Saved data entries
/---
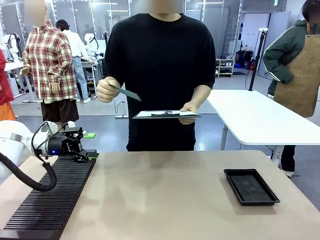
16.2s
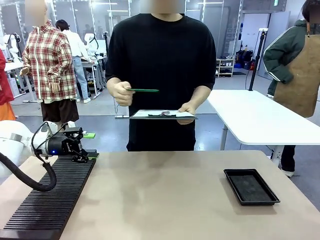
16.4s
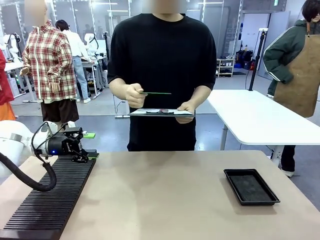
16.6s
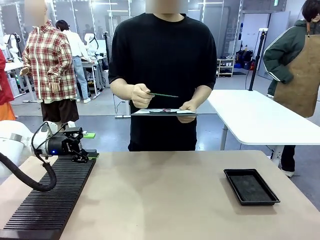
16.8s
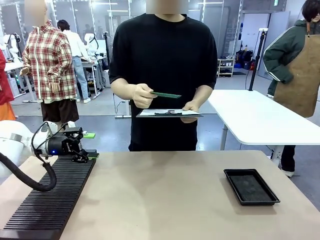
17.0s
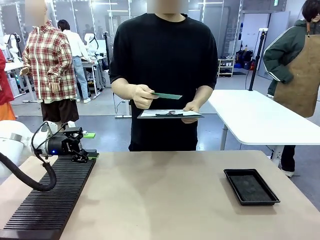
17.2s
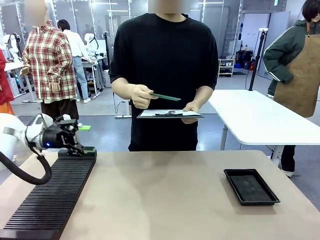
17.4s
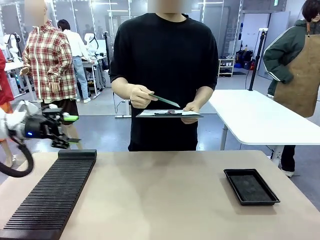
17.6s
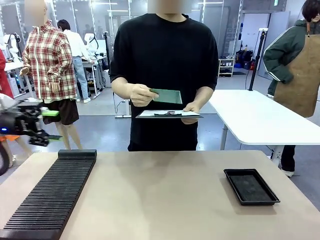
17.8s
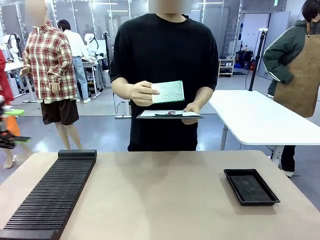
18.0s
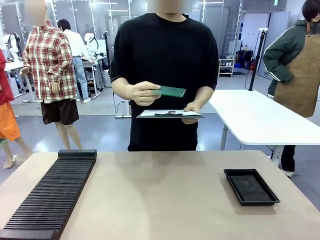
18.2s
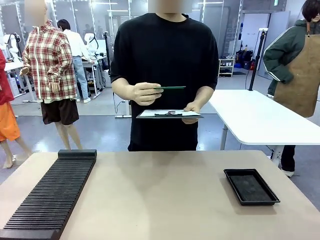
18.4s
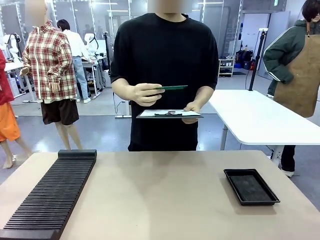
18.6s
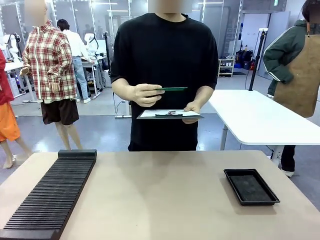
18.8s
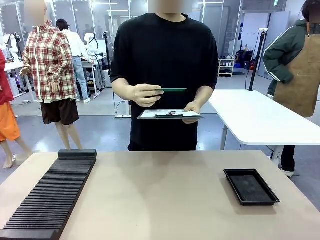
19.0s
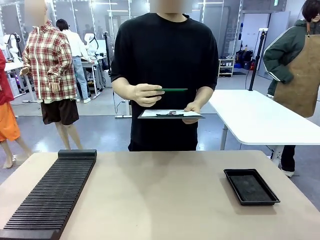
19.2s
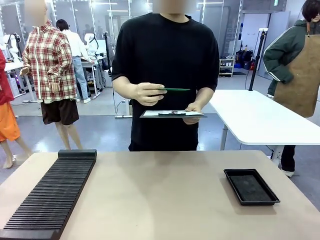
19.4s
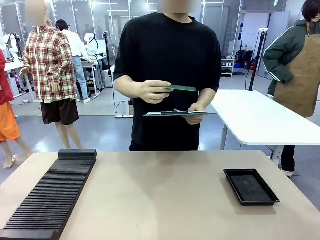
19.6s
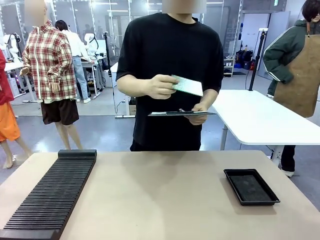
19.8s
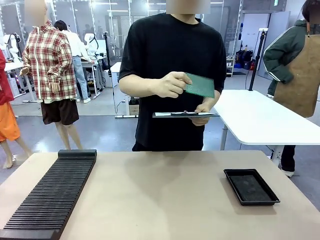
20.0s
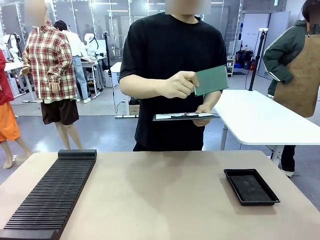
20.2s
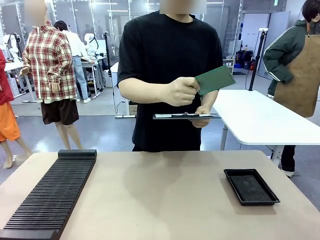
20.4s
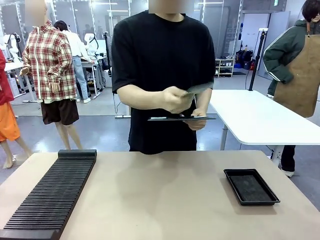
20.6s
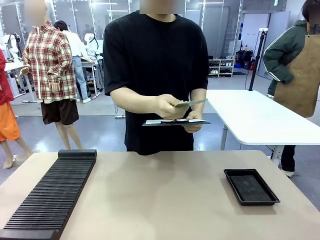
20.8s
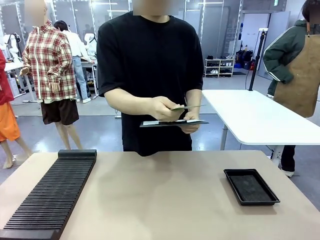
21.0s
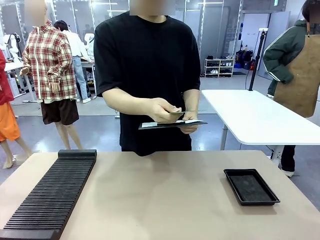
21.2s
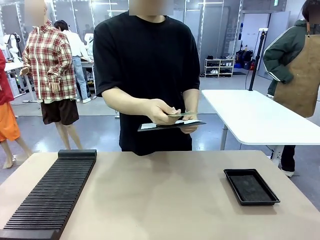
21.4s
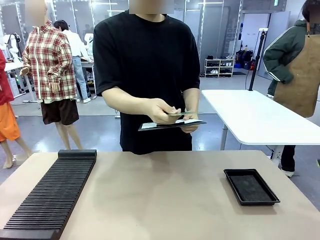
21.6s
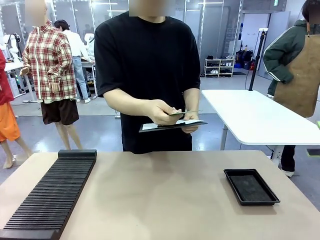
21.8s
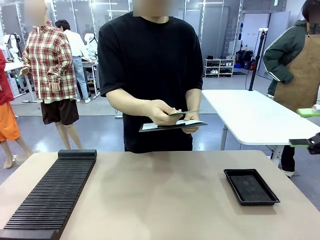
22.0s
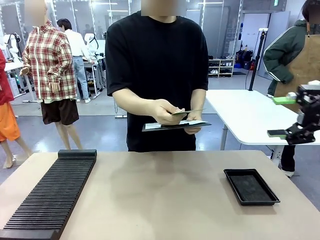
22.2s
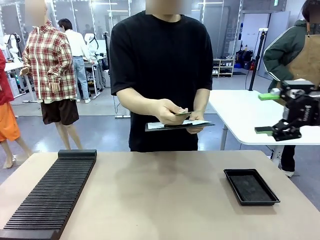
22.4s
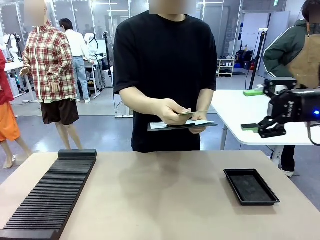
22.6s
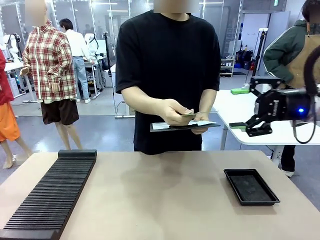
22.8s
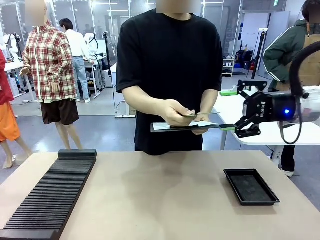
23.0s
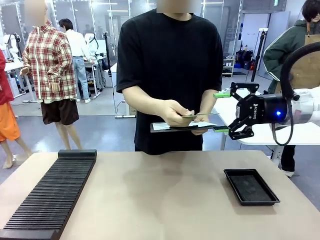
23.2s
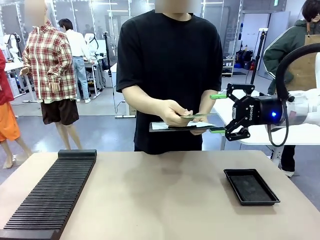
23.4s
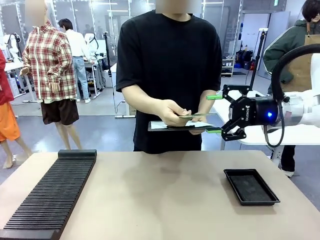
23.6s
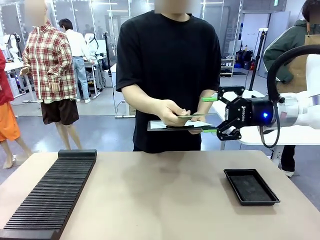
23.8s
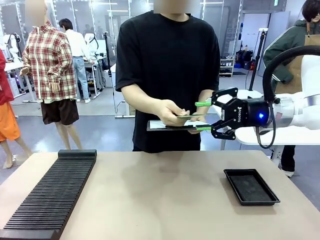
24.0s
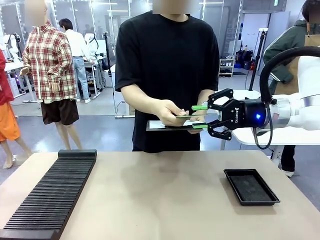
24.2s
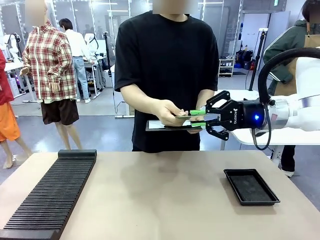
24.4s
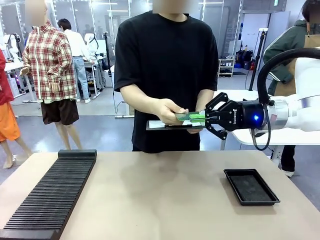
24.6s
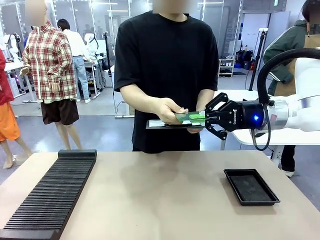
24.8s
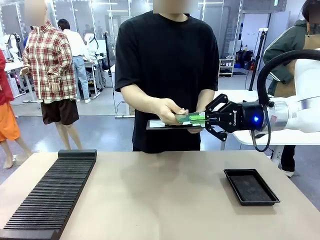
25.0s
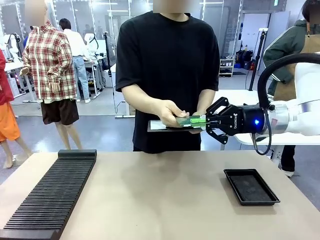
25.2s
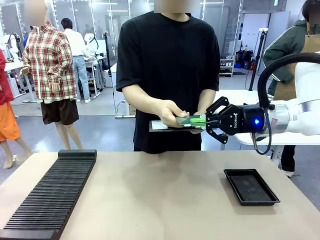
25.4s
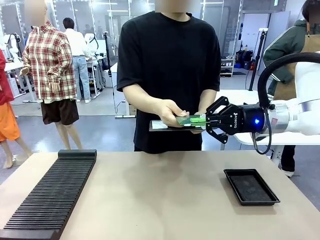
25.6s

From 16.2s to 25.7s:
\---
Task brief -> Return the full set of lines above word for word and with no pictures.

Written response ->
16.2s
16.4s
16.6s
16.8s
17.0s
17.2s
17.4s
17.6s
17.8s
18.0s
18.2s
18.4s
18.6s
18.8s
19.0s
19.2s
19.4s
19.6s
19.8s
20.0s
20.2s
20.4s
20.6s
20.8s
21.0s
21.2s
21.4s
21.6s
21.8s
22.0s
22.2s
22.4s
22.6s
22.8s
23.0s
23.2s
23.4s
23.6s
23.8s
24.0s
24.2s
24.4s
24.6s
24.8s
25.0s
25.2s
25.4s
25.6s

From 16.2s to 25.7s:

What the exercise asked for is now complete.